Overview
This lecture covers the nursing management of hepatic (liver) and biliary (gallbladder) disorders, focusing on pathophysiology, clinical manifestations, and management strategies for conditions like jaundice, portal hypertension, hepatitis, cirrhosis, and gallbladder disease.
Manifestations of Hepatic Dysfunction
- Jaundice results from impaired bilirubin metabolism and presents as yellowing of skin/eyes and other symptoms.
- Four types of jaundice: hepatocellular, obstructive, hemolytic, and hereditary hyperbilirubinemia.
- Portal hypertension is increased pressure in the portal vein, mainly due to cirrhosis, leading to complications like ascites and esophageal varices.
- Ascites is fluid accumulation in the peritoneal cavity, managed by sodium restriction, diuretics, paracentesis, or TIPS procedure.
- Esophageal varices are dilated veins at high risk for bleeding; managed by medications, endoscopic therapies, or TIPS.
Hepatic Encephalopathy and Nutritional Deficiencies
- Hepatic encephalopathy is due to ammonia build-up; symptoms range from mild confusion to coma.
- Treatment includes lactulose to promote ammonia excretion (goal: 2-3 soft bowel movements/day).
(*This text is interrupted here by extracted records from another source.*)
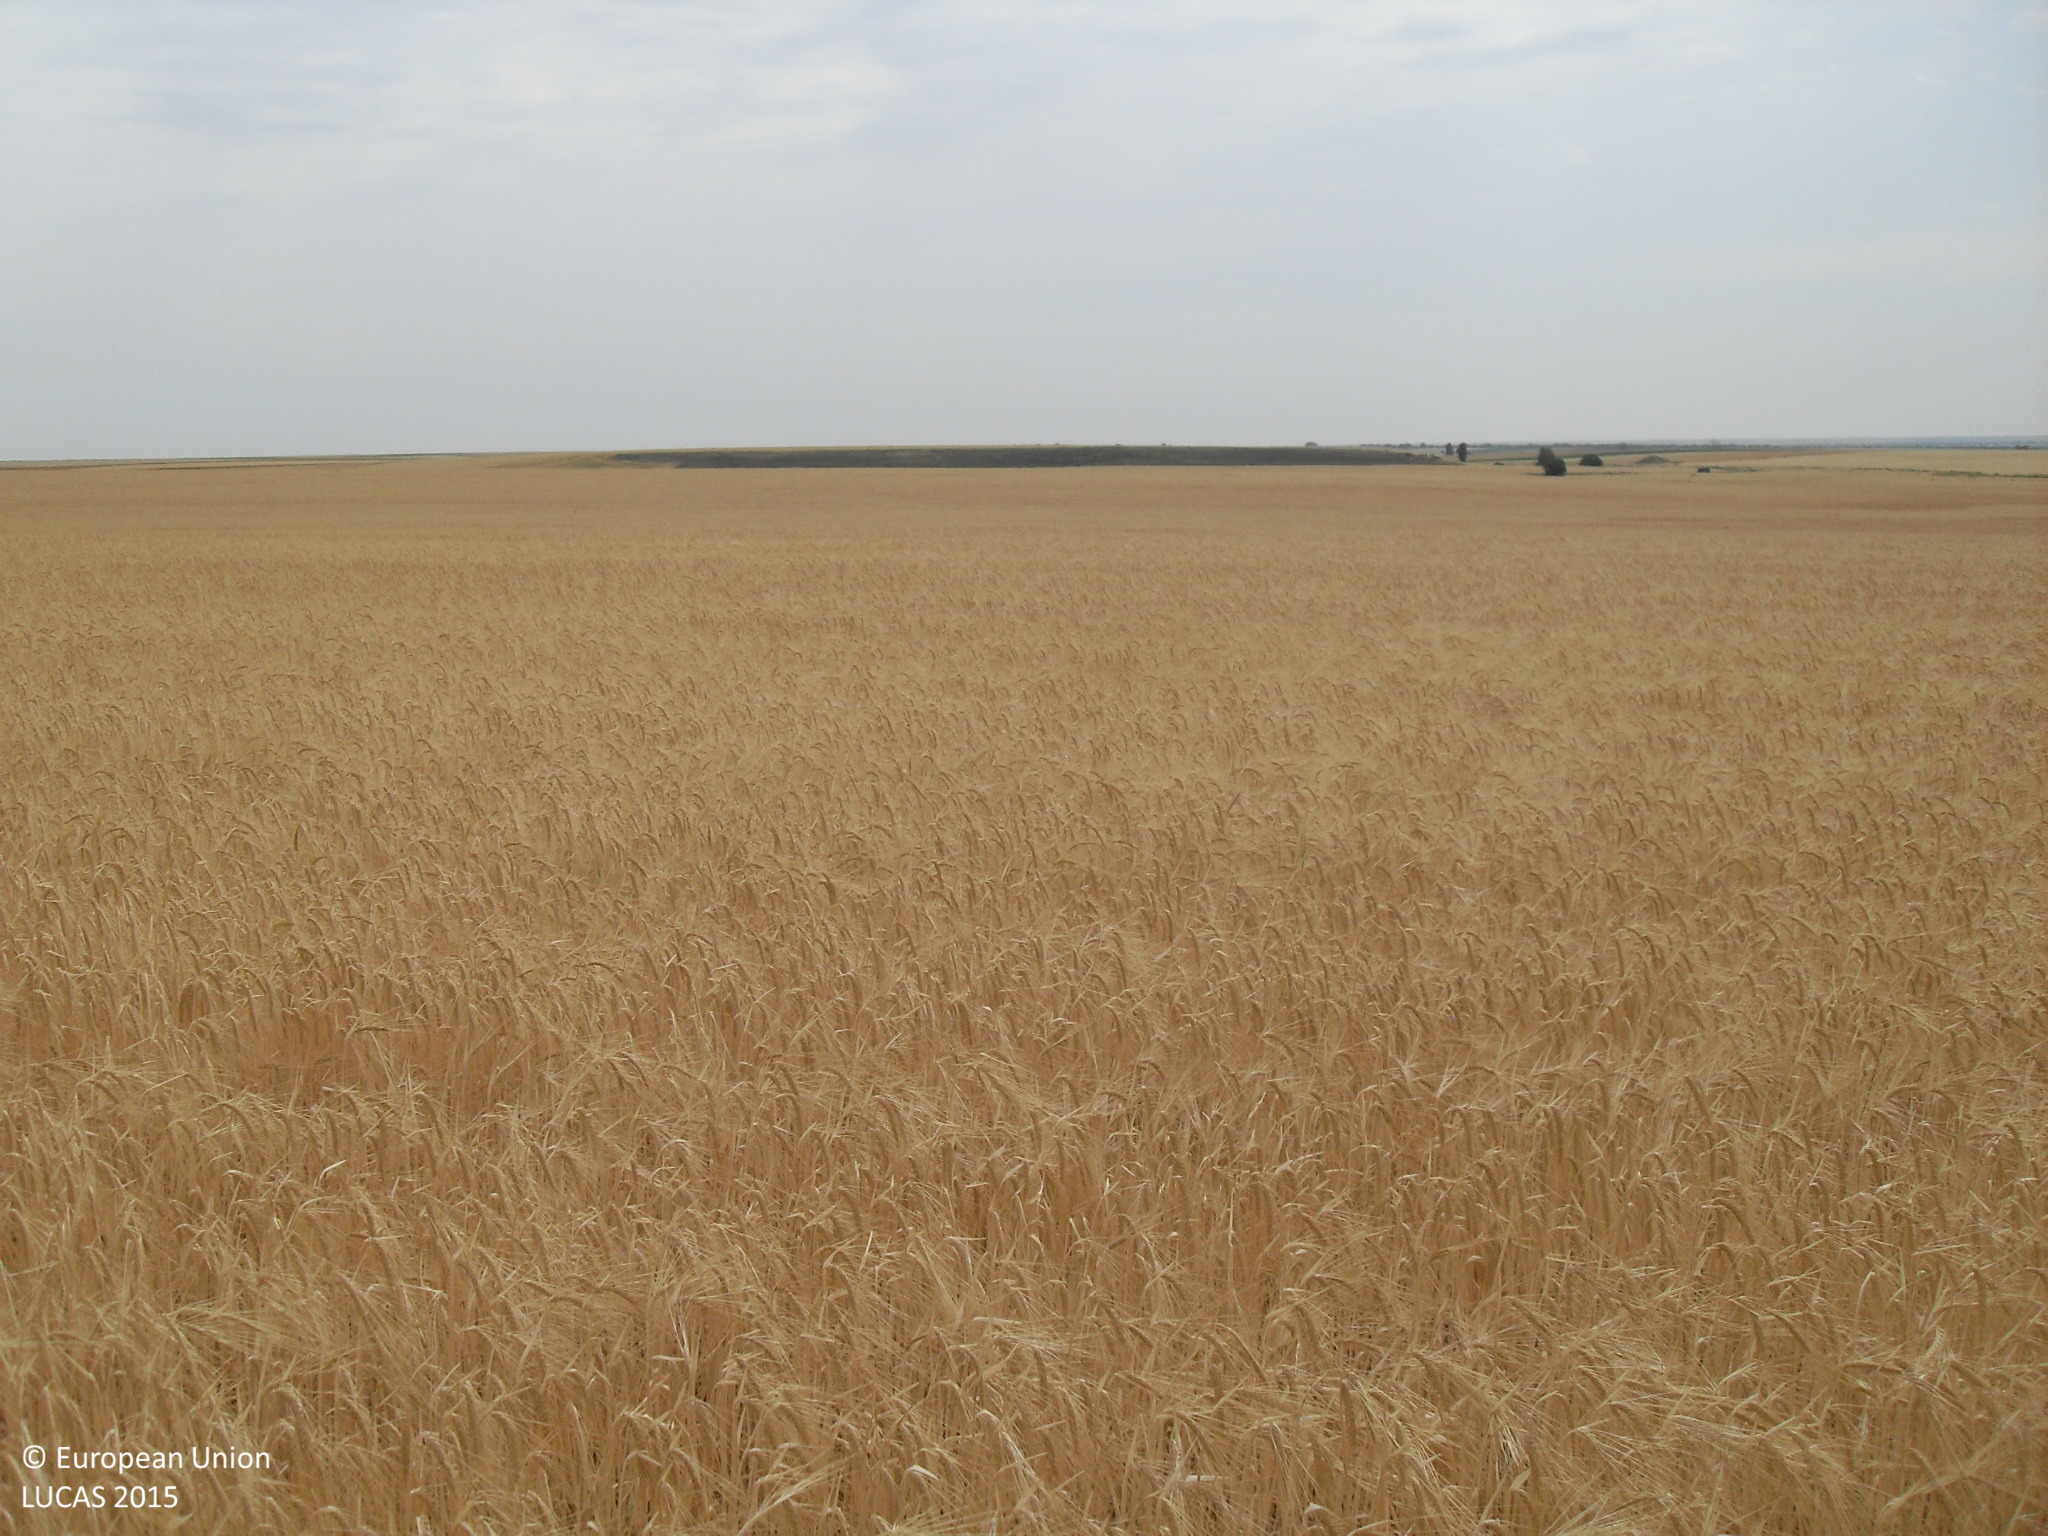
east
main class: Cropland
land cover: Barley
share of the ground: > 75 %
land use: Agriculture (excluding fallow land and kitchen gardens)
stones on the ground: < 10 %
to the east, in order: Barley
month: June
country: ES
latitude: 41.1329
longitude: -5.4302
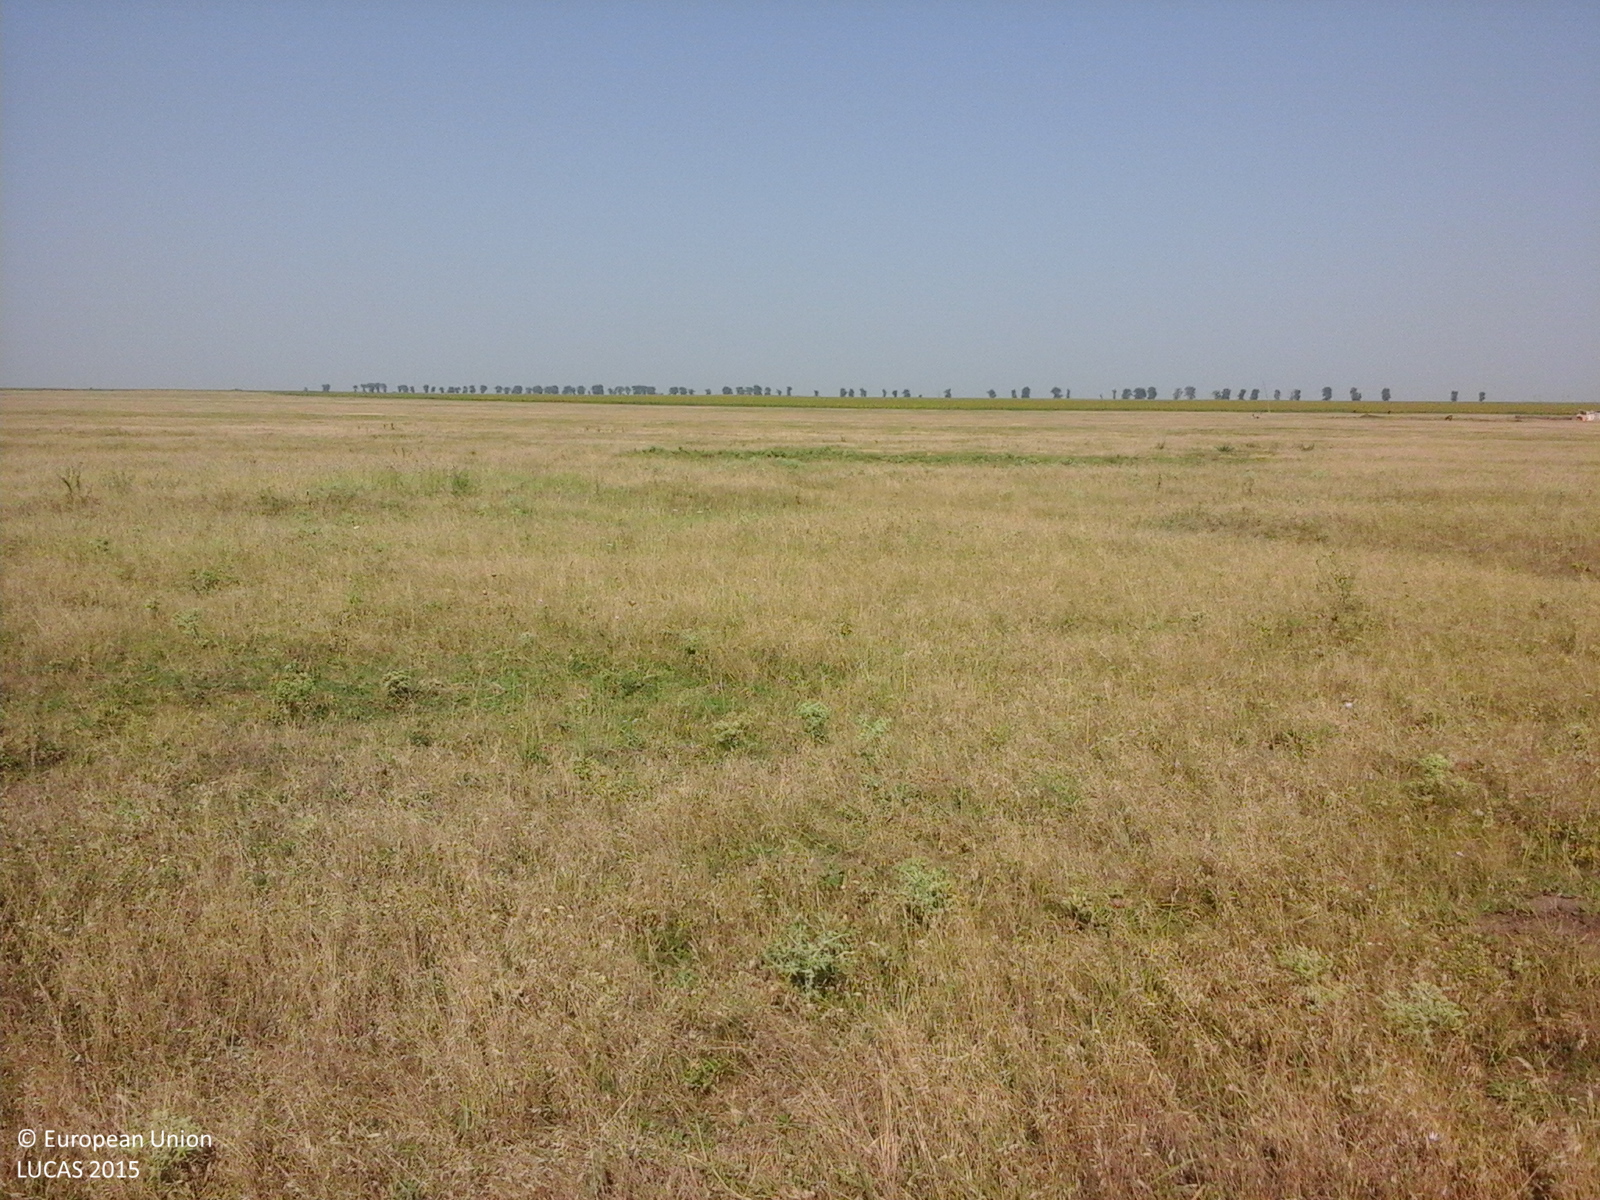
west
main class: Grassland
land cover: Grassland without tree/shrub cover
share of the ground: > 75 %
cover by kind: herbaceous plants 100 %
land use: Agriculture (excluding fallow land and kitchen gardens)
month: July
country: RO
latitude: 44.8129
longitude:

- Vitamin deficiencies from liver dysfunction can cause night blindness (A), skin/mucous lesions (B2, B6), scurvy (C), and bleeding (K).
Hepatitis Types and Management
- Hepatitis A: transmitted fecal-oral; prevent with hand hygiene and vaccination; supportive care is key.
- Hepatitis B: transmitted via blood, saliva, semen; prevent with vaccine, safe practices; treat with antivirals and monitoring.
- Hepatitis C: mainly bloodborne; often leads to chronic disease; managed with antivirals and risk-reduction education.
- Non-viral hepatitis: often due to alcohol or drugs; managed with abstinence, nutrition, and stopping offending agents.
Cirrhosis (Cirrhosis)
- Characterized by fibrotic replacement of normal liver tissue.
- Compensated cirrhosis may be asymptomatic or show nonspecific symptoms.
- Decompensated cirrhosis presents with ascites, jaundice, edema, bleeding, and hepatic encephalopathy.
- Nursing management includes rest, skin care, injury prevention, and monitoring for complications.
Biliary Disorders: Gallstones and Cholecystitis
- Gallstones (cholelithiasis) can cause pain, GI distress, and complications like cholecystitis or peritonitis.
- Cholecystitis is acute inflammation of the gallbladder, often due to stones; diagnosed by Murphy's sign and imaging.
- Management includes bowel rest, fluids, antibiotics, pain management, and possibly surgery.
Key Terms & Definitions
- Jaundice — yellowing of skin/eyes from bilirubin accumulation.
- Portal Hypertension — increased pressure in portal vein system.
- Ascites — fluid buildup in peritoneal cavity.
- Esophageal Varices — dilated veins in lower esophagus prone to bleeding.
- Hepatic Encephalopathy — brain dysfunction from liver failure and ammonia buildup.
- Cirrhosis — replacement of normal liver tissue with fibrosis, impairing function.
- Cholelithiasis — gallstone formation in gallbladder.
- Cholecystitis — inflammation of the gallbladder.
Action Items / Next Steps
- Review YouTube videos on paracentesis, TIPS, and cholecystectomy as assigned.
- Read Table 24-2 (stages of hepatic encephalopathy) in textbook.
- Follow up on dietary restrictions (low sodium for ascites, avoid high-fat foods post-cholecystectomy).
- Complete assigned readings on hepatitis types and management.